We assume that objects have types that can be determined at run-time. This allows us to determine the size of the object, and which components of the object contain references to other objects. A user program called the mutator, modifies the collection of objects in the heap. Objects become garbage when the mutator program cannot reach them. The garbage collector finds these unreachable objects and reclaims their space by handing them to the memory manager for deallocation.

Garbage collection can be expensive, so we often want to track performance metrics:

overall execution time
space usage
pause time
program locality

Reachability

We refer to all data that can be accessed by a program without de-referencing any pointer, as the root set. In Java, this corresponds to all static field members and all variables on its stack.

To find the correct root set, a compiler may have to:

restrict the invocation of garbage collection to only certain code points in the program
write out information that the garbage collector can use to recover all the references, such as specifying which registers contain references, or how to compute the base address of an object given its internal address
the compiler can assure that there is a reference to the base address of all reachable objects whenever the garbage collector is invoked

The set of reachable objects changes as a program executes. There are four basic operations that a mutator performs to change the set:

Object allocations
Parameter passing, and return values
Reference assignments
Procedure returns

There are 2 approaches to determining reachability:

Reference counting as an approximation: maintain a count of references to an boject, as the mutator performs actions that may change the set. When the reference count becomes 0, the object is no longer reachable
A trace-based GC labels all objects in the root as reachable, and examines iteratively all references in them to find more reachable objects, and labels them as such. Once the reachable set is computed, it can find many unreachable objects at once. An option is to relocate the reachable objects and reduce fragmentation.

Trace-based GCs

Each chunk is in 1 of 4 states:

free: ready to be allocated
unreached: chunks presumed to be unreachable, unless proven reachable by tracing. A chunk is in this state at any point during GC if reachability has not yet been established. Whenever a chunk is allocated by the memory manager, its state is set to unreached. After a round of GC, it is reset to unreached for the next round.
unscanned: chunks that are known to be reachable are either in state of unscanned or scanned. A chunk is in the unscanned state if it is known to be reachable, but its pointers have not yet been scanned.
scanned: every unscanned object will eventually be scanned and transition to the scanned state. To scan an object, we examine all pointers within it, and follow these pointers.

Mark-and-compact GCs

Relocating collectors move reachable objects around in the heap to eliminate memory fragmentation. There are 2 types:

mark-and-compact, which compacts objects in place. This reduces memory usage.
copying collector is more efficient, but extra space needs to be reserved for relocation.

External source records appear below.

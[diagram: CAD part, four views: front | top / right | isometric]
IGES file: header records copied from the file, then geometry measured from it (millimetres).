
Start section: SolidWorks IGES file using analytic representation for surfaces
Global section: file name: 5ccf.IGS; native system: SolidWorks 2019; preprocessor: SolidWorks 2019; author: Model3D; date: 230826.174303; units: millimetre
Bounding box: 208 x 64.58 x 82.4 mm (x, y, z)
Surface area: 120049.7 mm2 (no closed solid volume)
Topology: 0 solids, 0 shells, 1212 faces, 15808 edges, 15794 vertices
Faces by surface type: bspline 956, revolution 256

mark-and-compact has 3 phases:

marking phase
scan the allocated section of the heap and compute new addresses for each of the reachable objects.
copies objects to the new locations, updating all references in objects that point to the new locations.

Tools

Lex

A Lex compiler takes a Lex source program, and outputs a program. This program is compiled in its source language (originally C, jFlex for Java). The result program takes an input stream as input, and produces a sequence of tokens as output.

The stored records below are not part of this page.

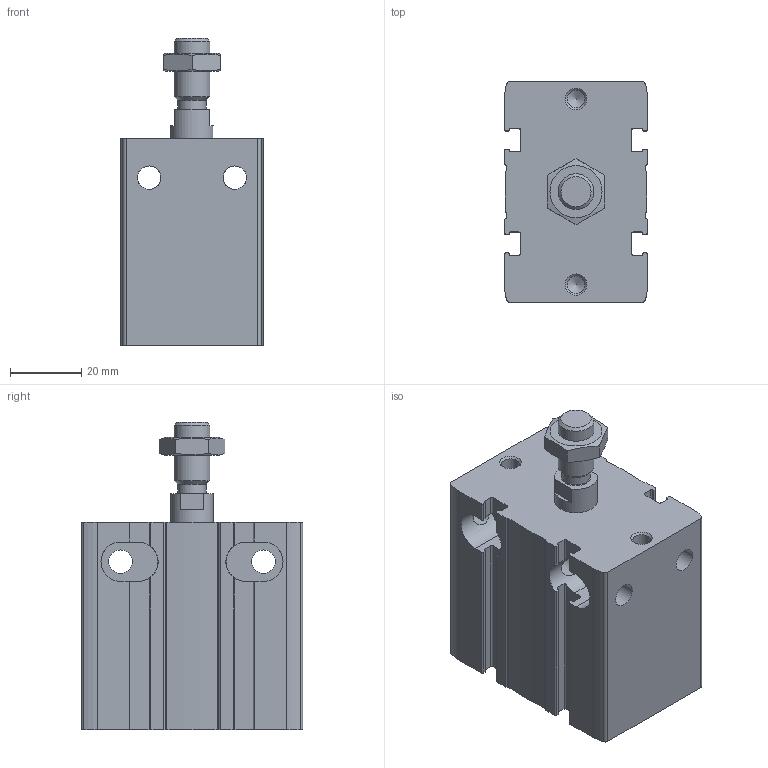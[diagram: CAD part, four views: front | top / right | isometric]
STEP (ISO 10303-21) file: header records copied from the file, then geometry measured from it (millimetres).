
FILE_DESCRIPTION(/* description */ ('STEP AP214'),/* implementation_level */ '2;1');
FILE_NAME(/* name */ '4828429_DPDM-32-10-S-PA',/* time_stamp */ '2024-08-20T20:23:25+02:00',/* author */ ('License CC BY-ND 4.0'),/* organization */ ('CADENAS'),/* preprocessor_version */ 'ST-DEVELOPER v19.3',/* originating_system */ 'PARTsolutions',/* authorisation */ ' ');
FILE_SCHEMA (('AUTOMOTIVE_DESIGN {1 0 10303 214 3 1 1}'));
Length unit declared in the file: millimetre
Products named in the file (5): 4828429 DPDM-32-10-S-PA---(0); 4650681 DPDM-10-S---(h); 340116 G1/8; 4650681 DPDM-10-S---(r); ISO 4035 M10x1.25(F)
Assembly tree (4 placements, depth 2):
  4828429 DPDM-32-10-S-PA---(0)
    4650681 DPDM-10-S---(h)
    340116 G1/8
    4650681 DPDM-10-S---(r)
    ISO 4035 M10x1.25(F)
Bounding box: 40 x 62 x 86 mm (x, y, z)
Volume: 120119.8 mm3; surface area: 32711.9 mm2
Topology: 4 solids, 4 shells, 250 faces, 685 edges, 451 vertices
Faces by surface type: cylinder 115, plane 112, cone 21, torus 2
Full cylindrical faces by diameter (mm): 4.917 x4, 6.2 x1, 6.6 x8, 8 x1, 8.566 x2, 8.647 x1, 9.728 x1, 10 x1, 12 x2, 20 x1, 32 x2, 33 x1
Entity records: 7984 total; most frequent: CARTESIAN_POINT 1629, DIRECTION 1306, ORIENTED_EDGE 1246, EDGE_CURVE 623, AXIS2_PLACEMENT_3D 480, VERTEX_POINT 443, LINE 346, VECTOR 346

A lex program has the following form:

  declarations
  %%
  translation rules
  %%
  auxiliary functions

The declaration section includes declarations of variables, manifest constants, and regular definitions.

The translation rules have form: Pattern { Action }.

Each pattern is a regular expression, which may use the definitions of the declaration section. The actions are fragments of code.

The auxiliary functions section contains used in these actions.